Che cosa c'era
sotto i panni di scena
di Robin Williams.

Erano le nove e mezzo e non si era ancora alzato. In famiglia si sentivano sollevati al pensiero che fosse riuscito a passare una notte tranquilla: quelle ore di sonno in più avrebbero dovuto esserne la prova. Ma alle undici non era ancora uscito dalla sua stanza: gli animi iniziarono a farsi qualche domanda. Non trovò risposta il biglietto che fecero scivolare sotto la porta. Con una graffetta riuscirono ad aprirla: Robin era sospeso in aria con una cintura attorno al collo.

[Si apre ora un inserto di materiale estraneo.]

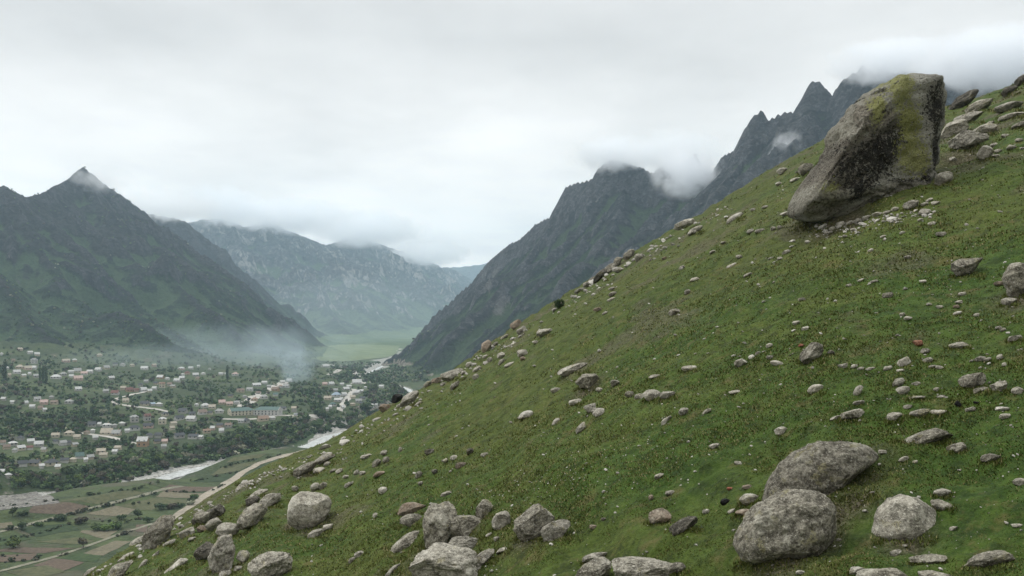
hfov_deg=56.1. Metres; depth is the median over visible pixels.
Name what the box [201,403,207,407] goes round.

Era così alto il suo peso sul set che, nella bilancia tra essere attore ed essere sé stesso, il piatto pendeva sempre dalla sua parte. I critici glielo avrebbero fatto notare in ogni film: c’era troppo Williams nelle parti che Robin interpretava. Più che entrare nel personaggio era un cameo quello che faceva uscire dalla sua persona. Il pubblico vedeva Robin che faceva Williams sotto gli abiti di scena del disc jockey radiofonico Adrian Cronauer o del professore di letteratura John Keating. Eppure, non era mai contento di come gli riusciva la parte. Avrebbe pagato di tasca sua per rifare le riprese dei monologhi davanti al microfono della radio. Ma per i produttori di Good Morning, Vietnam non c’era nessuna ragione di farlo: erano spettacolari per quanto veloci correvano. Vietato fermarsi: mentre stavi lì a capire l’ultima battuta, Williams ne aveva già fatte altre due.

Quando il suo cameo combaciava con il personaggio del film, Robin scendeva dalla superficie dell’uomo di spettacolo che era per esplorare che cosa c’era sotto. I panni erano diversi, ma le esperienze di vita che li animavano erano le stesse. Fu liberatorio mettersi in quelli di Parry, un barbone che viveva sotto il ponte di Brooklyn. Perché sotto il pelo dell’apparenza della popolarità poteva affrontare le situazioni vissute in passato e analizzare da ogni angolo la spigolosità dei motivi che lo avevano portato a rimuoverle. Complice di questa rimozione era stata la recitazione. Recitare in La Leggenda del Re Pescatore invece avrebbe avuto il compito di ricordargliele, anche se la fama era sempre lì che lo pedinava in ogni angolo del set e lui messo all’angolo si chiedeva se non vedere Robin sopra i panni del personaggio poteva deludere i suoi fan.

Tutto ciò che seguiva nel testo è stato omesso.